=== THE INPUT ===
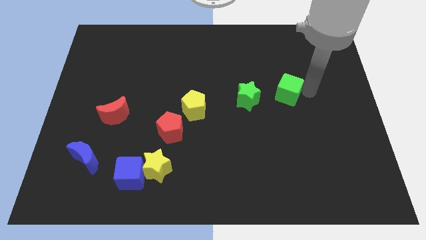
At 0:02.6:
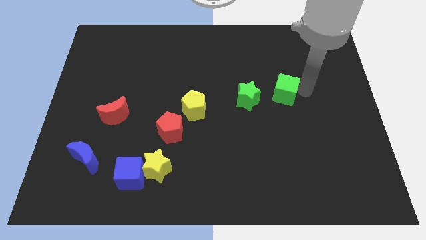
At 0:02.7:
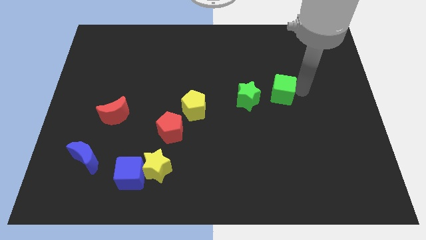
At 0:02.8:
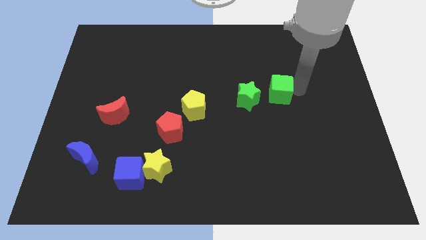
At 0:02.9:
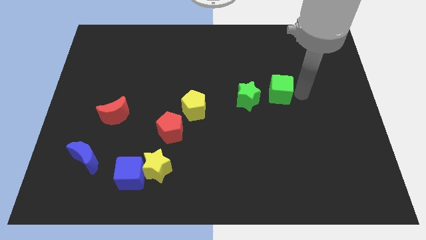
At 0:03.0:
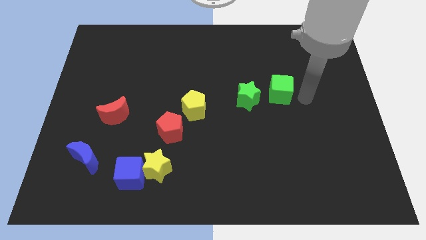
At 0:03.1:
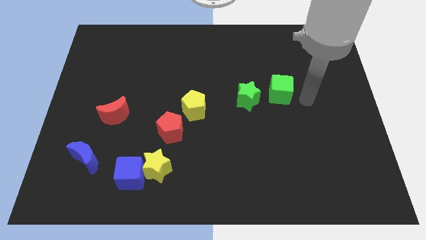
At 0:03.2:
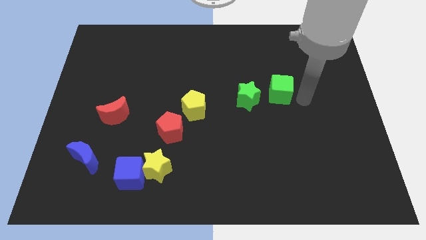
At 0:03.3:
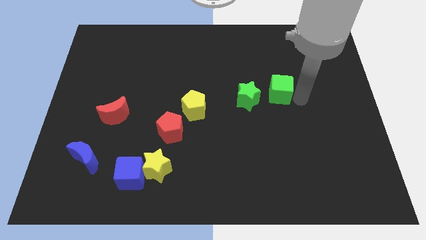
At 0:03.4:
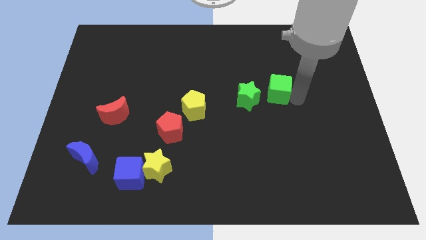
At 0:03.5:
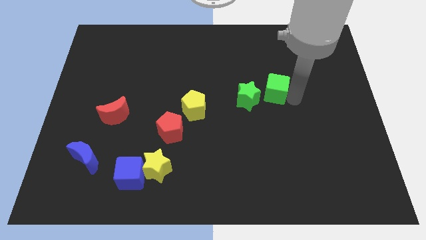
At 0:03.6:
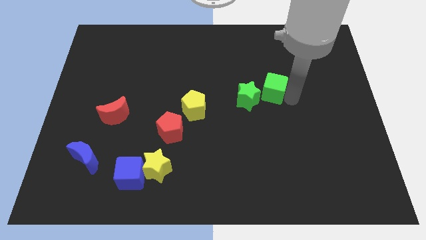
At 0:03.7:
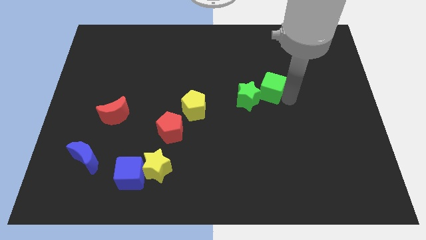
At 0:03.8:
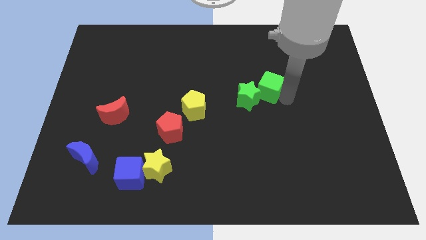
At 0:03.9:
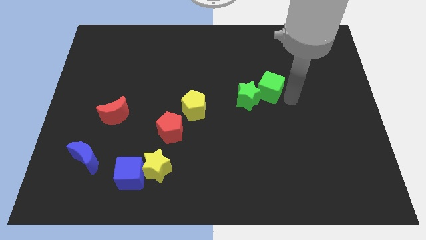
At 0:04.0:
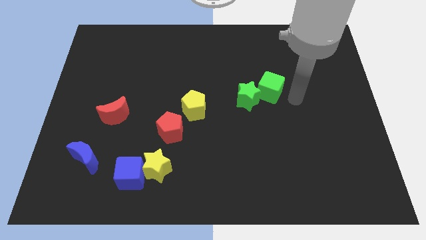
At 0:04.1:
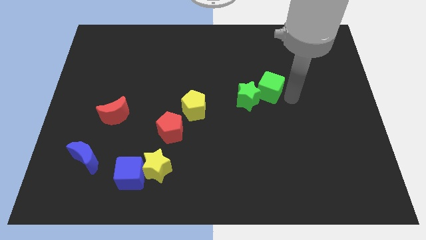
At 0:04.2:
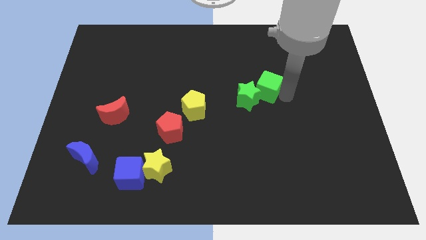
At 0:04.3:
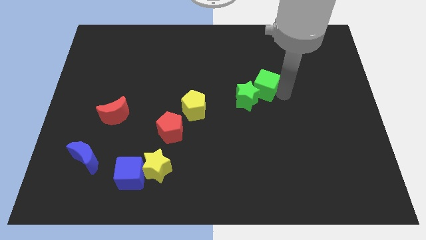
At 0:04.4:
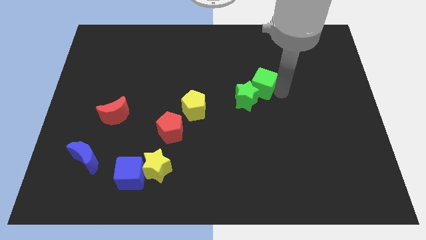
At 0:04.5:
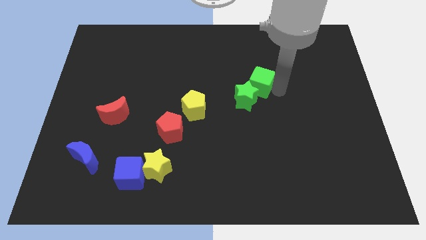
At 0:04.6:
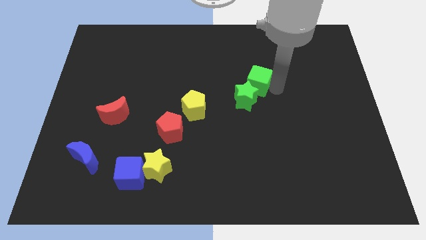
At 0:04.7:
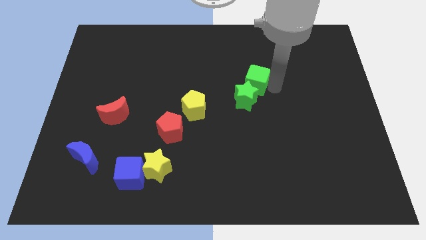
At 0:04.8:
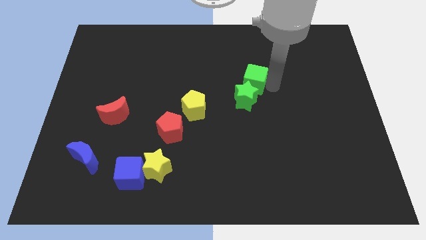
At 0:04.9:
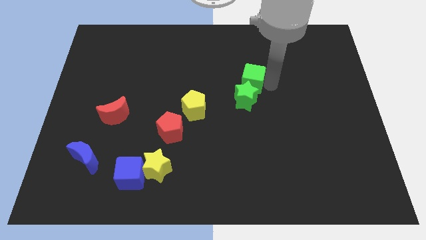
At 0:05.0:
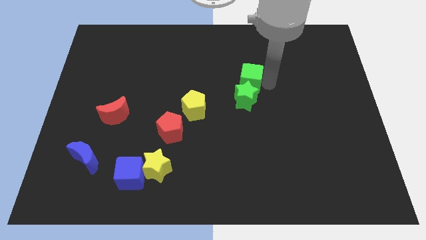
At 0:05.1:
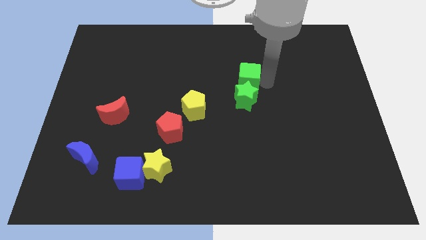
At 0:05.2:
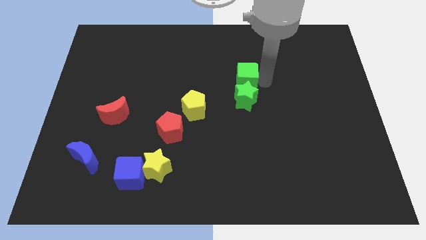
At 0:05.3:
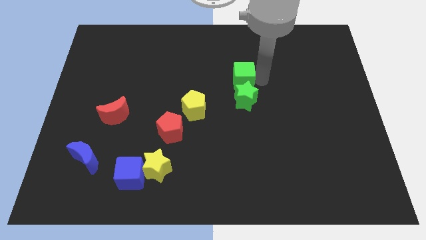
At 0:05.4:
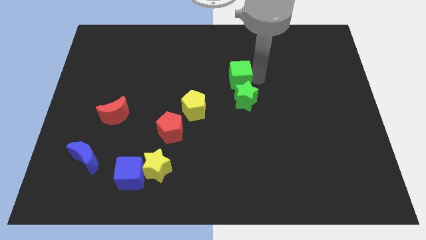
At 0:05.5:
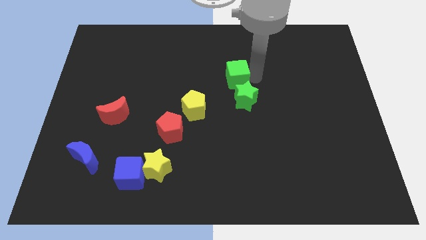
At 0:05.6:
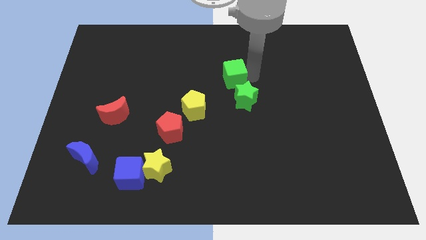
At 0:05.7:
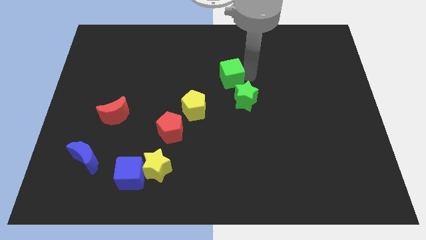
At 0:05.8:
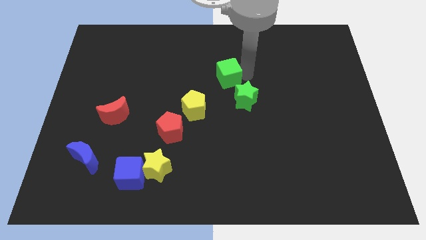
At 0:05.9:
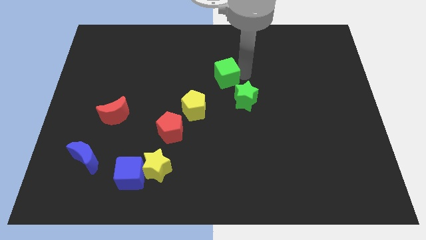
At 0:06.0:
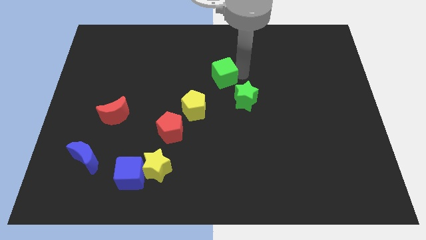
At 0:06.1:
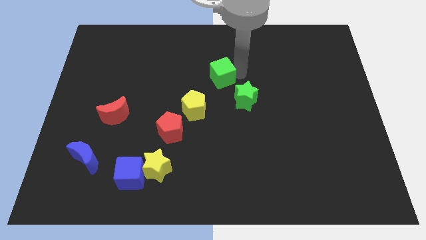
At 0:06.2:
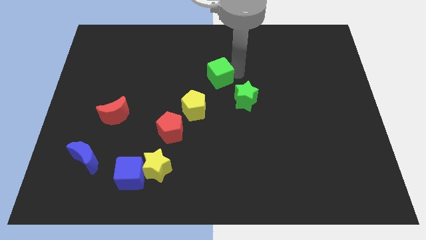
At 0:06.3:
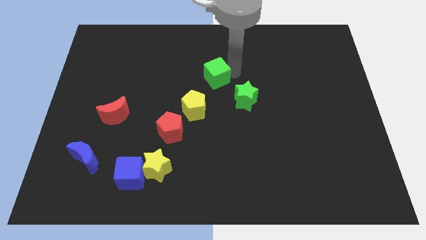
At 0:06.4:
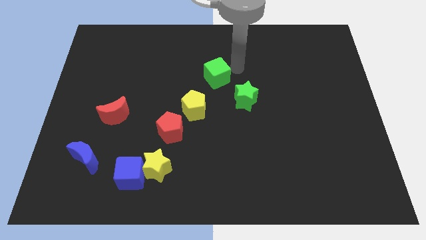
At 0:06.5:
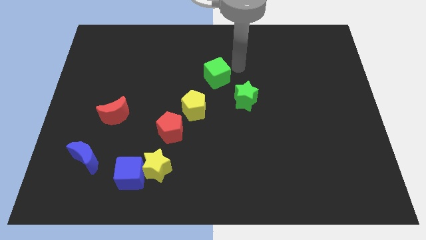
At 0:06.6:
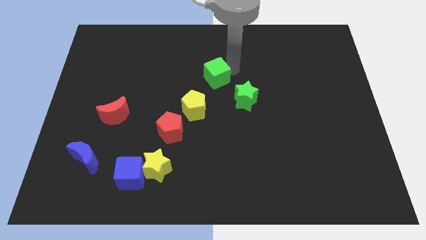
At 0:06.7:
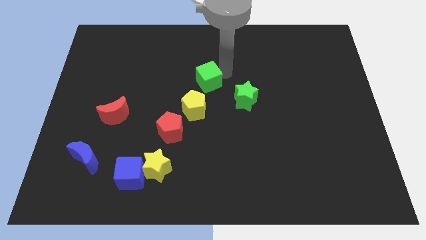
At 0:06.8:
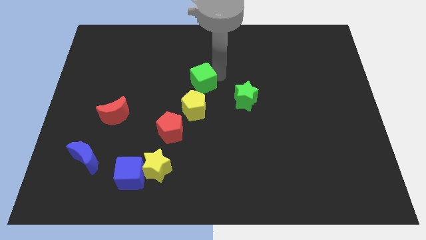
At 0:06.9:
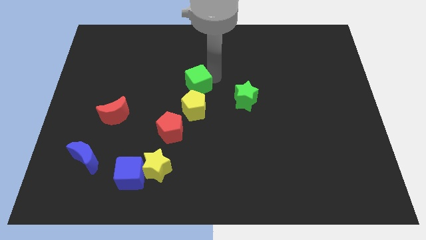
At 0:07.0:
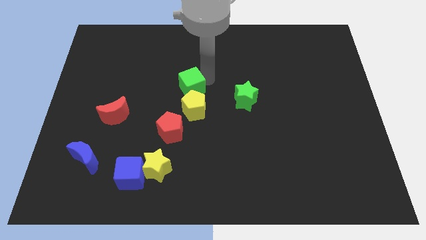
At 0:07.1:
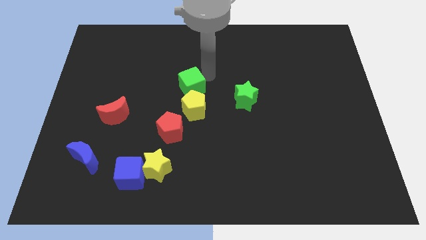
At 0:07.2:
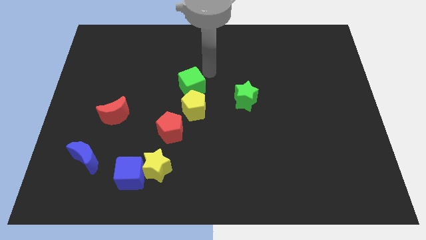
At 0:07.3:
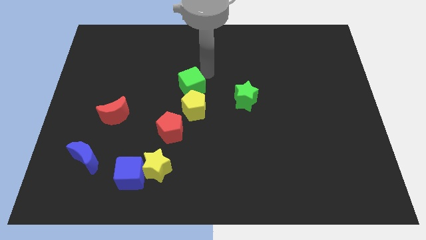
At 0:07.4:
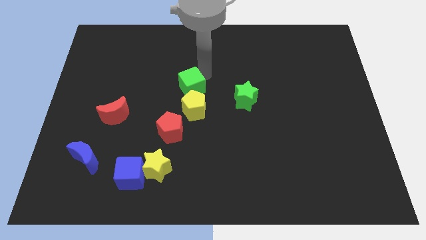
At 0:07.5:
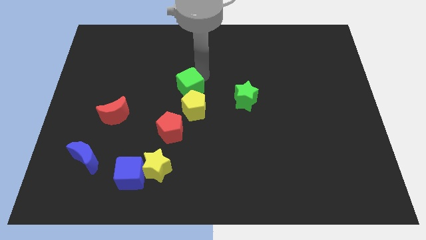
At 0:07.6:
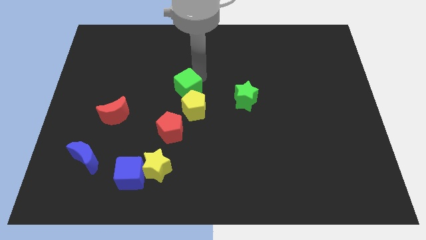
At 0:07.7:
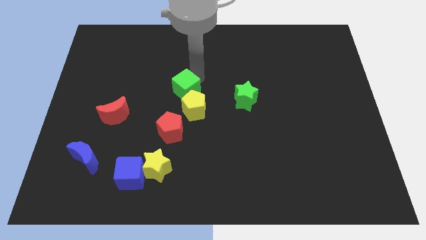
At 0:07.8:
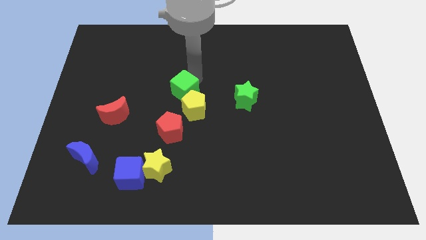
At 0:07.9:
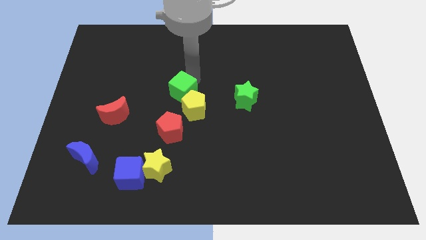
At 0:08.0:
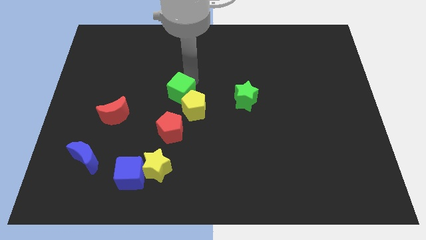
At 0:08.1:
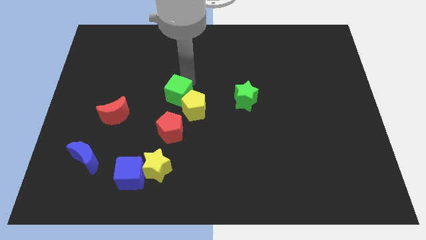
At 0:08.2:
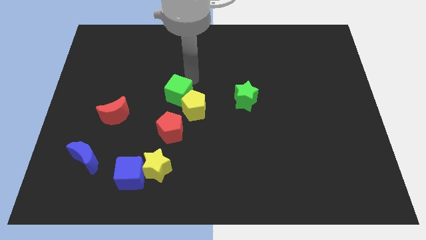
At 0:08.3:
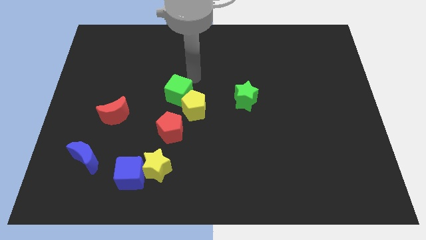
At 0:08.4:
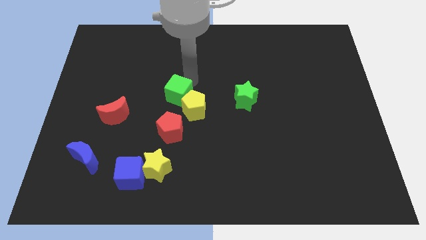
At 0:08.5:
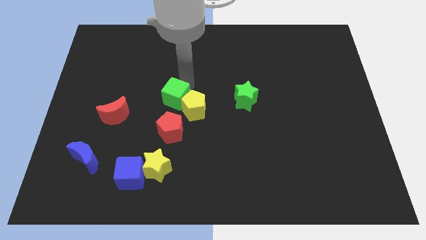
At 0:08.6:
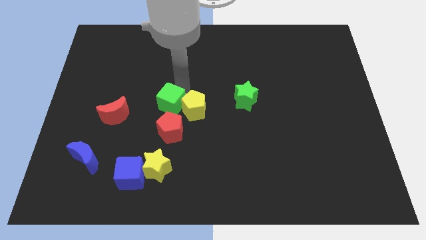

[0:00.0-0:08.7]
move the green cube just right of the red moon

=== TASK BRIEF ===
Omit the pictures, then set down all the remaining data exactly as given.

=== WRITTEN ANSWER ===
At 0:02.6:
At 0:02.7:
At 0:02.8:
At 0:02.9:
At 0:03.0:
At 0:03.1:
At 0:03.2:
At 0:03.3:
At 0:03.4:
At 0:03.5:
At 0:03.6:
At 0:03.7:
At 0:03.8:
At 0:03.9:
At 0:04.0:
At 0:04.1:
At 0:04.2:
At 0:04.3:
At 0:04.4:
At 0:04.5:
At 0:04.6:
At 0:04.7:
At 0:04.8:
At 0:04.9:
At 0:05.0:
At 0:05.1:
At 0:05.2:
At 0:05.3:
At 0:05.4:
At 0:05.5:
At 0:05.6:
At 0:05.7:
At 0:05.8:
At 0:05.9:
At 0:06.0:
At 0:06.1:
At 0:06.2:
At 0:06.3:
At 0:06.4:
At 0:06.5:
At 0:06.6:
At 0:06.7:
At 0:06.8:
At 0:06.9:
At 0:07.0:
At 0:07.1:
At 0:07.2:
At 0:07.3:
At 0:07.4:
At 0:07.5:
At 0:07.6:
At 0:07.7:
At 0:07.8:
At 0:07.9:
At 0:08.0:
At 0:08.1:
At 0:08.2:
At 0:08.3:
At 0:08.4:
At 0:08.5:
At 0:08.6:

[0:00.0-0:08.7]
move the green cube just right of the red moon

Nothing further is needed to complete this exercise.